WHAT NEEDS TO BE DONE: Quote all lines below exactly. Images stay out.

(RECORDED DATA)

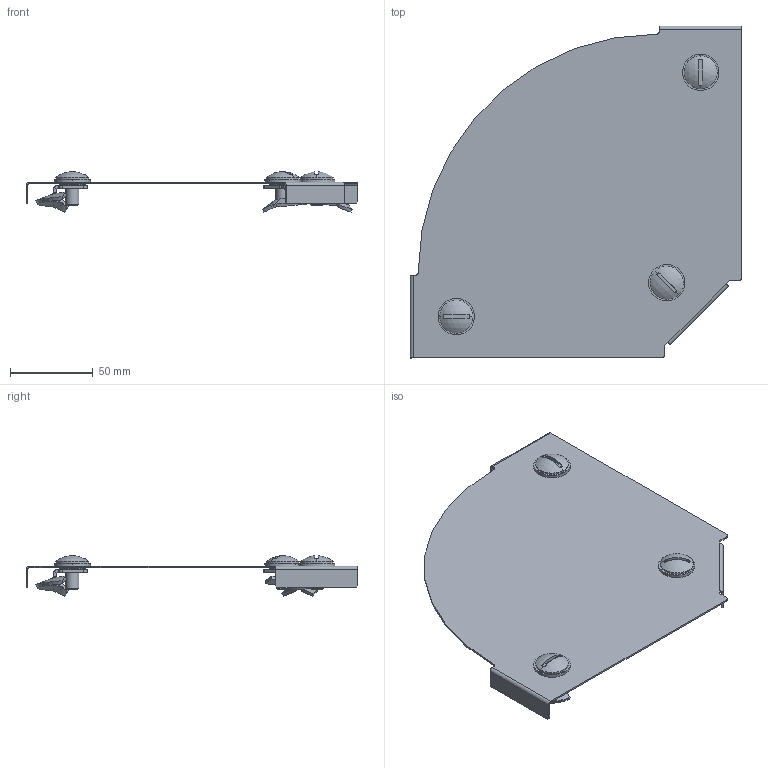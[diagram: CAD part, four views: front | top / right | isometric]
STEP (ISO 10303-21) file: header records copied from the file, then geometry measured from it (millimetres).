
FILE_DESCRIPTION (( 'STEP AP214' ), '1' );
FILE_NAME ('7138572.STP', '2019-12-04T07:08:02', ( '' ), ( '' ), 'SwSTEP 2.0', 'SolidWorks 2018', '' );
FILE_SCHEMA (( 'AUTOMOTIVE_DESIGN' ));
Length unit declared in the file: millimetre
Products named in the file (5): KTS 08.083-001_Standard; 048003_NB=150 A2, A4, d-16,5; 7138572; KTS 14.002-012_M8x16; 099600_Standard
Assembly tree (10 placements, depth 2):
  7138572
    048003_NB=150 A2, A4, d-16,5
    KTS 08.083-001_Standard  x3
    KTS 14.002-012_M8x16  x3
    099600_Standard  x3
Bounding box: 200.74 x 200.74 x 24.53 mm (x, y, z)
Volume: 46222.6 mm3; surface area: 81461.9 mm2
Topology: 10 solids, 10 shells, 357 faces, 870 edges, 539 vertices
Faces by surface type: plane 148, bspline 102, cylinder 77, cone 18, torus 6, sphere 6
Entity records: 6590 total; most frequent: CARTESIAN_POINT 2940, ORIENTED_EDGE 756, DIRECTION 634, EDGE_CURVE 378, VERTEX_POINT 233, AXIS2_PLACEMENT_3D 228, VECTOR 178, LINE 178
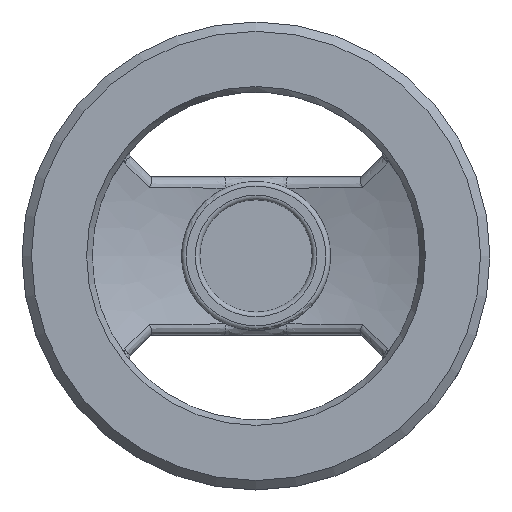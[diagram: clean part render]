
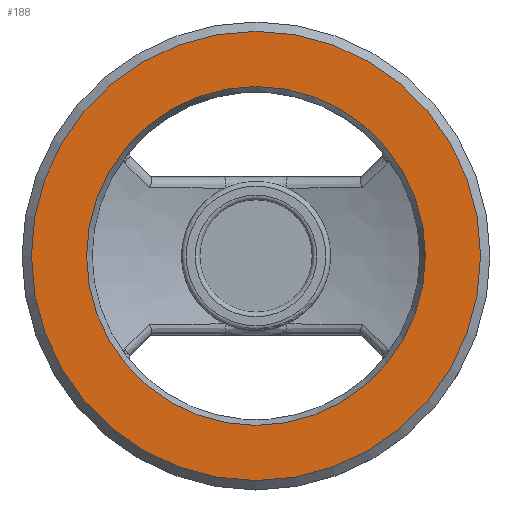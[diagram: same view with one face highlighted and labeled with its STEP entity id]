
A CAD part, top view. The second image highlights one B-rep face of the part: STEP entity #188.
In plain terms, the highlighted planar face has unit normal (0, 0, 1).
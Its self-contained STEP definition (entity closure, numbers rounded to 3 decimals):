
#188 = ADVANCED_FACE( '', ( #404, #405 ), #406, .F. );
#404 = FACE_OUTER_BOUND( '', #2898, .T. );
#405 = FACE_BOUND( '', #2899, .T. );
#406 = PLANE( '', #2900 );
#2898 = EDGE_LOOP( '', ( #4317 ) );
#2899 = EDGE_LOOP( '', ( #4318 ) );
#2900 = AXIS2_PLACEMENT_3D( '', #4319, #4320, #4321 );
#4317 = ORIENTED_EDGE( '', *, *, #4573, .T. );
#4318 = ORIENTED_EDGE( '', *, *, #4494, .F. );
#4319 = CARTESIAN_POINT( '', ( 0., 50., 25. ) );
#4320 = DIRECTION( '', ( 0., 0., -1. ) );
#4321 = DIRECTION( '', ( -1., 0., 0. ) );
#4494 = EDGE_CURVE( '', #4757, #4757, #4758, .T. );
#4573 = EDGE_CURVE( '', #4877, #4877, #4878, .F. );
#4757 = VERTEX_POINT( '', #5705 );
#4758 = CIRCLE( '', #5706, 36.206 );
#4877 = VERTEX_POINT( '', #6694 );
#4878 = CIRCLE( '', #6695, 48. );
#5705 = CARTESIAN_POINT( '', ( 36.206, 0., 25. ) );
#5706 = AXIS2_PLACEMENT_3D( '', #7527, #7528, #7529 );
#6694 = CARTESIAN_POINT( '', ( -48., 0., 25. ) );
#6695 = AXIS2_PLACEMENT_3D( '', #7578, #7579, #7580 );
#7527 = CARTESIAN_POINT( '', ( 0., 0., 25. ) );
#7528 = DIRECTION( '', ( 0., 0., 1. ) );
#7529 = DIRECTION( '', ( 1., 0., 0. ) );
#7578 = CARTESIAN_POINT( '', ( 0., 0., 25. ) );
#7579 = DIRECTION( '', ( 0., 0., -1. ) );
#7580 = DIRECTION( '', ( -1., 0., 0. ) );

(End RECORDED DATA)

WRITTEN RESPONSE:
[diagram: CAD part, four views: front | top / right | isometric]
STEP (ISO 10303-21) file: header records copied from the file, then geometry measured from it (millimetres).
FILE_DESCRIPTION (( 'STEP AP214' ), '1' );
FILE_NAME ('7138572.STP', '2019-12-04T07:08:02', ( '' ), ( '' ), 'SwSTEP 2.0', 'SolidWorks 2018', '' );
FILE_SCHEMA (( 'AUTOMOTIVE_DESIGN' ));
Length unit declared in the file: millimetre
Products named in the file (5): KTS 08.083-001_Standard; 048003_NB=150 A2, A4, d-16,5; 7138572; KTS 14.002-012_M8x16; 099600_Standard
Assembly tree (10 placements, depth 2):
  7138572
    048003_NB=150 A2, A4, d-16,5
    KTS 08.083-001_Standard  x3
    KTS 14.002-012_M8x16  x3
    099600_Standard  x3
Bounding box: 200.74 x 200.74 x 24.53 mm (x, y, z)
Volume: 46222.6 mm3; surface area: 81461.9 mm2
Topology: 10 solids, 10 shells, 357 faces, 870 edges, 539 vertices
Faces by surface type: plane 148, bspline 102, cylinder 77, cone 18, torus 6, sphere 6
Entity records: 6590 total; most frequent: CARTESIAN_POINT 2940, ORIENTED_EDGE 756, DIRECTION 634, EDGE_CURVE 378, VERTEX_POINT 233, AXIS2_PLACEMENT_3D 228, VECTOR 178, LINE 178
[diagram: clean part render]
[diagram: same view with one face highlighted and labeled with its STEP entity id]
A CAD part, top view. The second image highlights one B-rep face of the part: STEP entity #188.
In plain terms, the highlighted planar face has unit normal (0, 0, 1).
Its self-contained STEP definition (entity closure, numbers rounded to 3 decimals):
#188 = ADVANCED_FACE( '', ( #404, #405 ), #406, .F. );
#404 = FACE_OUTER_BOUND( '', #2898, .T. );
#405 = FACE_BOUND( '', #2899, .T. );
#406 = PLANE( '', #2900 );
#2898 = EDGE_LOOP( '', ( #4317 ) );
#2899 = EDGE_LOOP( '', ( #4318 ) );
#2900 = AXIS2_PLACEMENT_3D( '', #4319, #4320, #4321 );
#4317 = ORIENTED_EDGE( '', *, *, #4573, .T. );
#4318 = ORIENTED_EDGE( '', *, *, #4494, .F. );
#4319 = CARTESIAN_POINT( '', ( 0., 50., 25. ) );
#4320 = DIRECTION( '', ( 0., 0., -1. ) );
#4321 = DIRECTION( '', ( -1., 0., 0. ) );
#4494 = EDGE_CURVE( '', #4757, #4757, #4758, .T. );
#4573 = EDGE_CURVE( '', #4877, #4877, #4878, .F. );
#4757 = VERTEX_POINT( '', #5705 );
#4758 = CIRCLE( '', #5706, 36.206 );
#4877 = VERTEX_POINT( '', #6694 );
#4878 = CIRCLE( '', #6695, 48. );
#5705 = CARTESIAN_POINT( '', ( 36.206, 0., 25. ) );
#5706 = AXIS2_PLACEMENT_3D( '', #7527, #7528, #7529 );
#6694 = CARTESIAN_POINT( '', ( -48., 0., 25. ) );
#6695 = AXIS2_PLACEMENT_3D( '', #7578, #7579, #7580 );
#7527 = CARTESIAN_POINT( '', ( 0., 0., 25. ) );
#7528 = DIRECTION( '', ( 0., 0., 1. ) );
#7529 = DIRECTION( '', ( 1., 0., 0. ) );
#7578 = CARTESIAN_POINT( '', ( 0., 0., 25. ) );
#7579 = DIRECTION( '', ( 0., 0., -1. ) );
#7580 = DIRECTION( '', ( -1., 0., 0. ) );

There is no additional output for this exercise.